[Data for this task Boundary: Start]

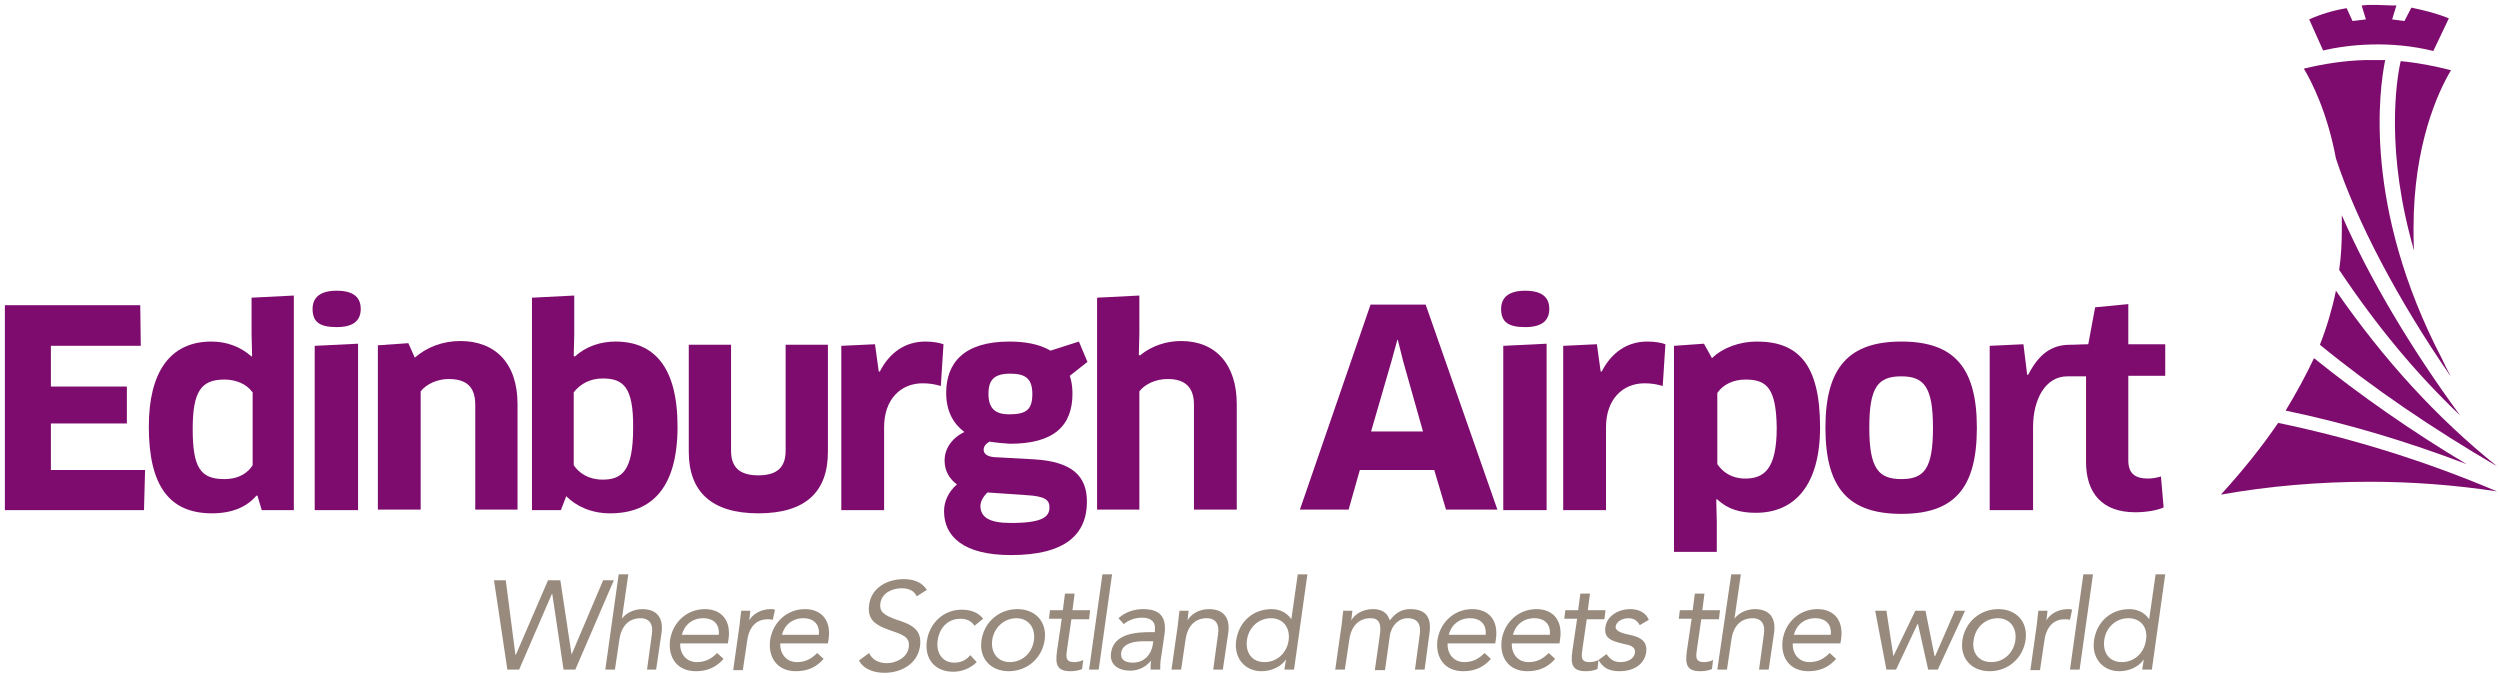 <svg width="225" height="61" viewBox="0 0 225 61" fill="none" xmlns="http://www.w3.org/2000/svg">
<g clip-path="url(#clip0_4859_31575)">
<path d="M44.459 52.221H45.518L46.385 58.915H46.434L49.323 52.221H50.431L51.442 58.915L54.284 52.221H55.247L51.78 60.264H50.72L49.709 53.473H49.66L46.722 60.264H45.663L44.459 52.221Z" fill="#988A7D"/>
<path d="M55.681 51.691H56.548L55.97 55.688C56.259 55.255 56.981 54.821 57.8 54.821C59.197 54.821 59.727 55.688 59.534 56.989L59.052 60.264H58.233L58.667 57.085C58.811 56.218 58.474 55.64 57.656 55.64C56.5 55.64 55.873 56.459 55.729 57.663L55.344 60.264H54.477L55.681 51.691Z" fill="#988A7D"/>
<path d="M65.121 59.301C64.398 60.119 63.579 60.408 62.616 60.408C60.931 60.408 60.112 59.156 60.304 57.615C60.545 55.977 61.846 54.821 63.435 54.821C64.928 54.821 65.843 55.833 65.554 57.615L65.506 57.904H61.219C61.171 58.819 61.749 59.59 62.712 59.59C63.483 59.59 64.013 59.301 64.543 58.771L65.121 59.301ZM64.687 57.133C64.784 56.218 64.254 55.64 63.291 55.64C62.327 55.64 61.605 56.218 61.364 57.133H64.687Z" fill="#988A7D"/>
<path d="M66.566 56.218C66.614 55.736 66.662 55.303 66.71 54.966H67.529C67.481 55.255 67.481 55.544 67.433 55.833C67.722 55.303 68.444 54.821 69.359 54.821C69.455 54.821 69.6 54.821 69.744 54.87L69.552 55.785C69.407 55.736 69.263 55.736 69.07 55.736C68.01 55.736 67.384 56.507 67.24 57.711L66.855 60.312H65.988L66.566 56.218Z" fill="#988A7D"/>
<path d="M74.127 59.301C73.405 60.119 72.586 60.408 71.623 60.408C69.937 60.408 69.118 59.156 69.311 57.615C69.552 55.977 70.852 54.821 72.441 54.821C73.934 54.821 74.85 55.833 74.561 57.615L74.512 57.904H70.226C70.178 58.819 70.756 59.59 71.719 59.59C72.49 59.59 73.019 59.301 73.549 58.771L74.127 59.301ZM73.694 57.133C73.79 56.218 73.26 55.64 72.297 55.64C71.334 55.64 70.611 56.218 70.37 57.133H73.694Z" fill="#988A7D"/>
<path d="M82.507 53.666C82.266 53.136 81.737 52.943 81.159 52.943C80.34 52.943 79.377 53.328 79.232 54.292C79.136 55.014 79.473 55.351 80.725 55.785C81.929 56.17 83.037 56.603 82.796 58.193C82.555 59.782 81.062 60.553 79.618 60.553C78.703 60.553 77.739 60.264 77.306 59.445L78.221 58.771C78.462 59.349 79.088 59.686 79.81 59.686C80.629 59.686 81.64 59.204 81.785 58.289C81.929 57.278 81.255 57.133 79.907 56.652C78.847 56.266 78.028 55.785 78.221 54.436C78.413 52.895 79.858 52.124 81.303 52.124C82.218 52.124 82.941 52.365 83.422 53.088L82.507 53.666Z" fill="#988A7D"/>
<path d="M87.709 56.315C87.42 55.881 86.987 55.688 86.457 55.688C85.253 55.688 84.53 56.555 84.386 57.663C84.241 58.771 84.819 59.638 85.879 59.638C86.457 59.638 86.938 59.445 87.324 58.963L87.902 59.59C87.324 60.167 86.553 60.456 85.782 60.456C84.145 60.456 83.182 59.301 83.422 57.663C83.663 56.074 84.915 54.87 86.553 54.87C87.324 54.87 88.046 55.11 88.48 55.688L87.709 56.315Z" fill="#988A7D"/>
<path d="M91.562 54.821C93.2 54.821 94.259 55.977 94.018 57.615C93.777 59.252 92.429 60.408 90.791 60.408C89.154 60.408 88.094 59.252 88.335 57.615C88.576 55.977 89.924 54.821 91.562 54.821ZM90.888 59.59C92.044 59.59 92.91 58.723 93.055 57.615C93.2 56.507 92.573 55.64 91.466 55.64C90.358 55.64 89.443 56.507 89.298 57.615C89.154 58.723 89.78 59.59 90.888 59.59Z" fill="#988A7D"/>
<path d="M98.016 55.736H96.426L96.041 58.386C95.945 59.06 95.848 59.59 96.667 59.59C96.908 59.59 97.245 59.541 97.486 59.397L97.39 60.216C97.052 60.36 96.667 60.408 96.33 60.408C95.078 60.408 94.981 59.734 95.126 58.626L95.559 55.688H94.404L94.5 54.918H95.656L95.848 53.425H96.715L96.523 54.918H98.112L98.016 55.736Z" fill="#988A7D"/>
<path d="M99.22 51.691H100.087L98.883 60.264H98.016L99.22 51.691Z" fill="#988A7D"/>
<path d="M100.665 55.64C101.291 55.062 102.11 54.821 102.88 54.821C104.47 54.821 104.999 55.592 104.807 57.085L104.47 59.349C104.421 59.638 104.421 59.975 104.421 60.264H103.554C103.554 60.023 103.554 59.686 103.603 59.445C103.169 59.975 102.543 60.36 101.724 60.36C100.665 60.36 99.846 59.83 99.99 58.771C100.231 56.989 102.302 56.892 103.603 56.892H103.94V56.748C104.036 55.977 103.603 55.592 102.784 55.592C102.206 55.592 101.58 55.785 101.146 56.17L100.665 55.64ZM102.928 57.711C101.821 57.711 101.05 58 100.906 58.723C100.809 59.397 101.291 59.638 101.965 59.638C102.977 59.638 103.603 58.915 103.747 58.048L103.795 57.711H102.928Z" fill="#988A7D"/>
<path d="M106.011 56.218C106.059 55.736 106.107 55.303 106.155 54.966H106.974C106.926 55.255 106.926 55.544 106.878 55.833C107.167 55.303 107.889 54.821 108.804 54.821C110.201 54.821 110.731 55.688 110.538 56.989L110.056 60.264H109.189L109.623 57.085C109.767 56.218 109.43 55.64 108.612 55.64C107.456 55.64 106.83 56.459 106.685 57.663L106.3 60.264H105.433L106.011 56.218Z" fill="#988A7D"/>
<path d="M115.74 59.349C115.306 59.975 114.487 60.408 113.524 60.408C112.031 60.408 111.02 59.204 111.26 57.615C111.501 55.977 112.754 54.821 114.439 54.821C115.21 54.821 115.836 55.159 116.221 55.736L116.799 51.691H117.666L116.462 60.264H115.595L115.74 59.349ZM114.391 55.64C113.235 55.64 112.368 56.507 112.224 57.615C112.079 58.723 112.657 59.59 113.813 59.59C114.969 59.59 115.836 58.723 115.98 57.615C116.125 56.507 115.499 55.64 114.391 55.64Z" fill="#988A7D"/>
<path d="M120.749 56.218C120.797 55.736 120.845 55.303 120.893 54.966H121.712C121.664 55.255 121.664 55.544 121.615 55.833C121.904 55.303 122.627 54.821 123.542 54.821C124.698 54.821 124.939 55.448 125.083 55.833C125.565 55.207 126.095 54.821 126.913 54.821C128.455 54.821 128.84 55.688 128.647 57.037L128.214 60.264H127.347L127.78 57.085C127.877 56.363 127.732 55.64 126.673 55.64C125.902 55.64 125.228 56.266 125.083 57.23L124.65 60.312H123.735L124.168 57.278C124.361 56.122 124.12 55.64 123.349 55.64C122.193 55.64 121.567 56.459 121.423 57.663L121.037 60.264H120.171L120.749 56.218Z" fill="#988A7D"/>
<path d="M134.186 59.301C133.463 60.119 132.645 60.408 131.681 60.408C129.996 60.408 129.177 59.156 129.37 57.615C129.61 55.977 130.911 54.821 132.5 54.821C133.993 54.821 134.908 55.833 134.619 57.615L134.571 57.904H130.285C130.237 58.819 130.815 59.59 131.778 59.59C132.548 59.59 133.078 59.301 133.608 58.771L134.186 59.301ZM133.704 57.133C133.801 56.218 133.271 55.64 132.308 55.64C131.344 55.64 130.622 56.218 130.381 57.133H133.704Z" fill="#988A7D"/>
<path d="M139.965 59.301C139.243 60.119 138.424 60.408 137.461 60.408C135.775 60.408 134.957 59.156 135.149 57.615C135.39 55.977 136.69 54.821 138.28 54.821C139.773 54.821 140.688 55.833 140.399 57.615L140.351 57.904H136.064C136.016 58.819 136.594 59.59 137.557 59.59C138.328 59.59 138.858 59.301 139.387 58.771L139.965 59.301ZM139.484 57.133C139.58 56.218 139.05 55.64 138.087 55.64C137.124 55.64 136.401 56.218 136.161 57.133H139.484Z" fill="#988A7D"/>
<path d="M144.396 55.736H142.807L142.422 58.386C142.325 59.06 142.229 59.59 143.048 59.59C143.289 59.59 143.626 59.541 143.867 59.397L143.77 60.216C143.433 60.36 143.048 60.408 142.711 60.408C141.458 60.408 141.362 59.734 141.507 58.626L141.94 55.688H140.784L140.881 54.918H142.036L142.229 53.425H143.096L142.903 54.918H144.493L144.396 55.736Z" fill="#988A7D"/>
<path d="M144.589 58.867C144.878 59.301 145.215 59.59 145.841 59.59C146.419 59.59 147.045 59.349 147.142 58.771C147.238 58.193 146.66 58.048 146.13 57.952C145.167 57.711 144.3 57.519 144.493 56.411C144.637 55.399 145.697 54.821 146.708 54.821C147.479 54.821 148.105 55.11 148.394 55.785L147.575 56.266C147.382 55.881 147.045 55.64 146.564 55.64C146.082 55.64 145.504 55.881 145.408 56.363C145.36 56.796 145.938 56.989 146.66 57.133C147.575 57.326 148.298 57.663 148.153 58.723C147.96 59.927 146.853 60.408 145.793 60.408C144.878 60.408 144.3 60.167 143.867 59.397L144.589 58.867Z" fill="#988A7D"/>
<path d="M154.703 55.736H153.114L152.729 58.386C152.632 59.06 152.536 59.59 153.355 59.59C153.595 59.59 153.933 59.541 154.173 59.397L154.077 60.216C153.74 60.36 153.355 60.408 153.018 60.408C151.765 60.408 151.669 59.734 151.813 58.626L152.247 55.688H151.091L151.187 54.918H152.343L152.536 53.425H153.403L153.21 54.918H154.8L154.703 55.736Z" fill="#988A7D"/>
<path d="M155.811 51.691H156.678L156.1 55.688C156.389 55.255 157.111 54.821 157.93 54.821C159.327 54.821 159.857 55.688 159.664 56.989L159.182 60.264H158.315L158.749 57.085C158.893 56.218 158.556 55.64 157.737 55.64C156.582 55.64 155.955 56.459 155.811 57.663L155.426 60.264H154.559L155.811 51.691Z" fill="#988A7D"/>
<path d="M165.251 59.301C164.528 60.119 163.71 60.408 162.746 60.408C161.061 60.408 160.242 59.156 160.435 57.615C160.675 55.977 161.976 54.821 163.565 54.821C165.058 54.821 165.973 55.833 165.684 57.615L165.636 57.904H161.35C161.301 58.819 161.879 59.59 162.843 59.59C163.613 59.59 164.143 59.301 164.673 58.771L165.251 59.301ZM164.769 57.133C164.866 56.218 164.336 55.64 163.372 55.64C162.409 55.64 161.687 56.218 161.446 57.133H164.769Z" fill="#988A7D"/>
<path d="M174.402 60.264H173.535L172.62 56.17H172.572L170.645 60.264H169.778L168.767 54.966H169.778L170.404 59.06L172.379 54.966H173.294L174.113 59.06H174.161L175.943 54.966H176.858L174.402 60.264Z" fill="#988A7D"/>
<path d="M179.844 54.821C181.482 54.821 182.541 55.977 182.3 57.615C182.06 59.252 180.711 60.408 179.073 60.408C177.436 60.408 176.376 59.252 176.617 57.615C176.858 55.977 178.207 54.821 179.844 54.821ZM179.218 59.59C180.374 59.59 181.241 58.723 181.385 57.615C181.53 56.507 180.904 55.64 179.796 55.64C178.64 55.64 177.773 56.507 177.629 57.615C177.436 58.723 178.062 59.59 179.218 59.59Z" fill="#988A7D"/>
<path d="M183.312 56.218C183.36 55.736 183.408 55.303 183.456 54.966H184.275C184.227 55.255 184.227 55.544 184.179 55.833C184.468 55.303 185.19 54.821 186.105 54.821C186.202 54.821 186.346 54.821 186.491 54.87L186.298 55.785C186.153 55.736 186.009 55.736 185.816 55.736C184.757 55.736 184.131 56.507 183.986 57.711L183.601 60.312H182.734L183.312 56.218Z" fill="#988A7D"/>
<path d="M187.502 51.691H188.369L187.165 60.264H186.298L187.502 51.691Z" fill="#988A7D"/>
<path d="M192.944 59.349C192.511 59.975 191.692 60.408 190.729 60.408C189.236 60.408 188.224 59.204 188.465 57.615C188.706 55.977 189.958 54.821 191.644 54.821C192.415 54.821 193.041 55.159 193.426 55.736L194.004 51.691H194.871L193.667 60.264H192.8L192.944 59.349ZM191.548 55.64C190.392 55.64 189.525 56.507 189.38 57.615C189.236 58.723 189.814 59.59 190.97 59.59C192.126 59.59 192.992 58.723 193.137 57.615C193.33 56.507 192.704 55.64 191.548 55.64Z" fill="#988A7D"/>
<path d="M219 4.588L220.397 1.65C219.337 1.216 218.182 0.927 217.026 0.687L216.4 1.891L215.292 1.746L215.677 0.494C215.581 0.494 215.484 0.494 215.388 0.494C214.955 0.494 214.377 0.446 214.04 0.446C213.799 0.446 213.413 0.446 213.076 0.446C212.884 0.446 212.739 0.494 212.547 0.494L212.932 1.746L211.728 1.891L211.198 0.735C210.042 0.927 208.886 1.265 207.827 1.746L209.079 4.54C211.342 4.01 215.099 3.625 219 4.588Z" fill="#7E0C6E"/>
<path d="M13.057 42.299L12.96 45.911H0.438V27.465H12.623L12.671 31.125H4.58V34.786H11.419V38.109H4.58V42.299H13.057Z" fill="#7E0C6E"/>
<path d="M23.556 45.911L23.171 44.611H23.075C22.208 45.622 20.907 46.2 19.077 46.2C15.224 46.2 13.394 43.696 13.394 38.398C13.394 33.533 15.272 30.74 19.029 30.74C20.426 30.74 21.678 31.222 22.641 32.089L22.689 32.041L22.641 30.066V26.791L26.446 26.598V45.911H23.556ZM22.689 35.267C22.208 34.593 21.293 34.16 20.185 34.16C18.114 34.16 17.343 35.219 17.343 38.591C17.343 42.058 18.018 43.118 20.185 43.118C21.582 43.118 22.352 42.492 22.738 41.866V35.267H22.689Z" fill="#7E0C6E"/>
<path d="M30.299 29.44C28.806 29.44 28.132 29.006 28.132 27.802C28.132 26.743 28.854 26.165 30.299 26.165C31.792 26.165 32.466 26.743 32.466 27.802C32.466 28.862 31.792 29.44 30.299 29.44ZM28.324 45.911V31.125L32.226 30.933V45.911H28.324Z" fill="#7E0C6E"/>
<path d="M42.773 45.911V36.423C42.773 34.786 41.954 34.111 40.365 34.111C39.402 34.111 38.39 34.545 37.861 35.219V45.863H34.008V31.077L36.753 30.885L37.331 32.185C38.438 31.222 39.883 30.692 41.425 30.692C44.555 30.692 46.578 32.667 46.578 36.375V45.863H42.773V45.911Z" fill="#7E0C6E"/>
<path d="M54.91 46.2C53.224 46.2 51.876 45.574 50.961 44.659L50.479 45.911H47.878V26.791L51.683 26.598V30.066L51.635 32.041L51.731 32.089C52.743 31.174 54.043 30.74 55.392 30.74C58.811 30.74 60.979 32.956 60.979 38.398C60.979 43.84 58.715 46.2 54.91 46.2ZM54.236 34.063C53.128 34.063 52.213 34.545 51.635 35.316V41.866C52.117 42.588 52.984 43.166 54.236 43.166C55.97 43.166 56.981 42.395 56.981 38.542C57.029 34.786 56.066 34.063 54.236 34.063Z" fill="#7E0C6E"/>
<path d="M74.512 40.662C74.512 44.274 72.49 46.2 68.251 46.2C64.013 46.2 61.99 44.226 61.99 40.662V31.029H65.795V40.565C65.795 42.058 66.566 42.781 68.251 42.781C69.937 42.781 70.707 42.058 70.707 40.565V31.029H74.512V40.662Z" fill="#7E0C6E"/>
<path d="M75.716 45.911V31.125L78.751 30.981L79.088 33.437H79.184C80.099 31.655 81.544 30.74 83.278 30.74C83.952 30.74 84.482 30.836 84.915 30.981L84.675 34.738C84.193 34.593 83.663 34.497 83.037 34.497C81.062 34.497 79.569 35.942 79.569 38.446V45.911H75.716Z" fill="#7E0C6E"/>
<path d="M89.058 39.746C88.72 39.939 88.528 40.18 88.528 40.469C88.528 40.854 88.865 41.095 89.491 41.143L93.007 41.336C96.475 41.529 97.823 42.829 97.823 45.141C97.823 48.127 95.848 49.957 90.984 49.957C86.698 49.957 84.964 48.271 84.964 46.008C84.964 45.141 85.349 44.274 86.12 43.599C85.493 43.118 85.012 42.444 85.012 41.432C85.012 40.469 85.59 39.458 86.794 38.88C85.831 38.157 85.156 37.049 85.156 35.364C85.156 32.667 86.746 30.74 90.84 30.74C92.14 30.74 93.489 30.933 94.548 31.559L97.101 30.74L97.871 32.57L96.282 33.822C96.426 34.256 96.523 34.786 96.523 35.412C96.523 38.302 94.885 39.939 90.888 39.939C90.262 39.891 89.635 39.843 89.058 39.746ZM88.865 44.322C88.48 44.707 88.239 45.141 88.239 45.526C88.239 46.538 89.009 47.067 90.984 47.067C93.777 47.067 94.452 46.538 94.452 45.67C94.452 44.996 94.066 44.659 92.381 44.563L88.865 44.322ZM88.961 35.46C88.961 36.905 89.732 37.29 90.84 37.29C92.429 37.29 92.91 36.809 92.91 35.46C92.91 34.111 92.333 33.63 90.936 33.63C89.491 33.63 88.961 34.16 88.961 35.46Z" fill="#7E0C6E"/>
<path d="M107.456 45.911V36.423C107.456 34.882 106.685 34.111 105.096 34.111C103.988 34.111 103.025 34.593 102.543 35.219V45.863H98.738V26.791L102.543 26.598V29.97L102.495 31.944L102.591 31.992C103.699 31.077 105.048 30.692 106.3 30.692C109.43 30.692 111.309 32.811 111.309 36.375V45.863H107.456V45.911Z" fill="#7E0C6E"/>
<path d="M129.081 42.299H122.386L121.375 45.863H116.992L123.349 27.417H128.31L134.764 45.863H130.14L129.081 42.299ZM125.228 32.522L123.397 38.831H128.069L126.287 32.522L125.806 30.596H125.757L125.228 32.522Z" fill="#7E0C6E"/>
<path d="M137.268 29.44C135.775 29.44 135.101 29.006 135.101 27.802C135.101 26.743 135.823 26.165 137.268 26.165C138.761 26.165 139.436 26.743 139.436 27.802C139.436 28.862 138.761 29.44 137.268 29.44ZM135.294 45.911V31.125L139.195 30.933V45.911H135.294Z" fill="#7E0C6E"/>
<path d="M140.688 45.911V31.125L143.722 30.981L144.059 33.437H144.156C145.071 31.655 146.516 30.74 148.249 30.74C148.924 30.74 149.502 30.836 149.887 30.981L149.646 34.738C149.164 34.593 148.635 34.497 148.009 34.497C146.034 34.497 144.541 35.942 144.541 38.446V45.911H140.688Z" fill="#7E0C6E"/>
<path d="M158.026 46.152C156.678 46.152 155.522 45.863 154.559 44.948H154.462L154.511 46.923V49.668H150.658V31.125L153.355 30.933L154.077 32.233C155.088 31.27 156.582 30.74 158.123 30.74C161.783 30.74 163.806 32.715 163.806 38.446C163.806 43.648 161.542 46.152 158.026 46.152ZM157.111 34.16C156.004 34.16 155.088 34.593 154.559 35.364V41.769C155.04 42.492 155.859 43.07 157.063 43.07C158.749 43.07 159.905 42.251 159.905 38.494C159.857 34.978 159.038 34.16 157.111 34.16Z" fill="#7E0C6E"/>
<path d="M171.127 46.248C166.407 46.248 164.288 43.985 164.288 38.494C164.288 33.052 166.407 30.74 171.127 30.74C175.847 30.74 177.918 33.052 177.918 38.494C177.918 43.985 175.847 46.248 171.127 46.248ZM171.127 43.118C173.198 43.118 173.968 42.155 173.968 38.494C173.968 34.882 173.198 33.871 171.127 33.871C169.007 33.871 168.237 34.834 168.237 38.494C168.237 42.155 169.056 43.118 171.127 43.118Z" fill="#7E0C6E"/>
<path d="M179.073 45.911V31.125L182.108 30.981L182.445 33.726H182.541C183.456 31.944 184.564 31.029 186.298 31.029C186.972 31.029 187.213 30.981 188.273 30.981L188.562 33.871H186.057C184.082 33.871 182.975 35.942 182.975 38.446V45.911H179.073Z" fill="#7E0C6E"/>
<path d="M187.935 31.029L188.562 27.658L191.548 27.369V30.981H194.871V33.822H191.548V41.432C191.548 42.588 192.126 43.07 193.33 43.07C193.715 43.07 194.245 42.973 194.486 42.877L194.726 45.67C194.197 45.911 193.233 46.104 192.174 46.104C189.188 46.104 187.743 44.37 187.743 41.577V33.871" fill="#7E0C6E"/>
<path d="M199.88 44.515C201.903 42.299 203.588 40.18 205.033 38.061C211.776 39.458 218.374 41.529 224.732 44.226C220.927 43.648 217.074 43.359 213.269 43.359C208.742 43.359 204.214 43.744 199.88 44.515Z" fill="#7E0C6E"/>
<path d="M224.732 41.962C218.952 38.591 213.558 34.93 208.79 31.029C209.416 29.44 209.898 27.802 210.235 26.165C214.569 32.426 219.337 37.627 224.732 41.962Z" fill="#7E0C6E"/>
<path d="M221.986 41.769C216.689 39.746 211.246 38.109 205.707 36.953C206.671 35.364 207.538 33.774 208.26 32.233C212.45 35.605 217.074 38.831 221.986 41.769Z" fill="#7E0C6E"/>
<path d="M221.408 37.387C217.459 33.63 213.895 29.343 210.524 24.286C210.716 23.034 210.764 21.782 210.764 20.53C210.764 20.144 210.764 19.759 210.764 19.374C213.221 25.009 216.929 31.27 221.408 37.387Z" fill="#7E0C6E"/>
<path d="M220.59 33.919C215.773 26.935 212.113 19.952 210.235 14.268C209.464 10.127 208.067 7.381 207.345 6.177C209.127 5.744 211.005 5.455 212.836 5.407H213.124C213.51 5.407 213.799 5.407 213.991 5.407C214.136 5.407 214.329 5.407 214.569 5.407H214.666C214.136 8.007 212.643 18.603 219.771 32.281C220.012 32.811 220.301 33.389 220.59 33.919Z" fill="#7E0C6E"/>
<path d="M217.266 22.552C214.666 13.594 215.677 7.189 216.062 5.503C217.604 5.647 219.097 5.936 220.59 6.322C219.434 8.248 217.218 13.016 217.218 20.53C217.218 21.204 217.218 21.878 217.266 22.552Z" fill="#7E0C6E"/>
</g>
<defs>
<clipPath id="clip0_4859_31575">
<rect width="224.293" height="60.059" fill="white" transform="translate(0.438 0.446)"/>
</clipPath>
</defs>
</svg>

[Data for this task Boundary: End]

(What the task requires):
Look back at the entries above. Retype the line with "42.588 192.126 43.07", the line with "37.387C217.459 33.63 213.895", and all lines in between.

(Written solution):
<path d="M187.935 31.029L188.562 27.658L191.548 27.369V30.981H194.871V33.822H191.548V41.432C191.548 42.588 192.126 43.07 193.33 43.07C193.715 43.07 194.245 42.973 194.486 42.877L194.726 45.67C194.197 45.911 193.233 46.104 192.174 46.104C189.188 46.104 187.743 44.37 187.743 41.577V33.871" fill="#7E0C6E"/>
<path d="M199.88 44.515C201.903 42.299 203.588 40.18 205.033 38.061C211.776 39.458 218.374 41.529 224.732 44.226C220.927 43.648 217.074 43.359 213.269 43.359C208.742 43.359 204.214 43.744 199.88 44.515Z" fill="#7E0C6E"/>
<path d="M224.732 41.962C218.952 38.591 213.558 34.93 208.79 31.029C209.416 29.44 209.898 27.802 210.235 26.165C214.569 32.426 219.337 37.627 224.732 41.962Z" fill="#7E0C6E"/>
<path d="M221.986 41.769C216.689 39.746 211.246 38.109 205.707 36.953C206.671 35.364 207.538 33.774 208.26 32.233C212.45 35.605 217.074 38.831 221.986 41.769Z" fill="#7E0C6E"/>
<path d="M221.408 37.387C217.459 33.63 213.895 29.343 210.524 24.286C210.716 23.034 210.764 21.782 210.764 20.53C210.764 20.144 210.764 19.759 210.764 19.374C213.221 25.009 216.929 31.27 221.408 37.387Z" fill="#7E0C6E"/>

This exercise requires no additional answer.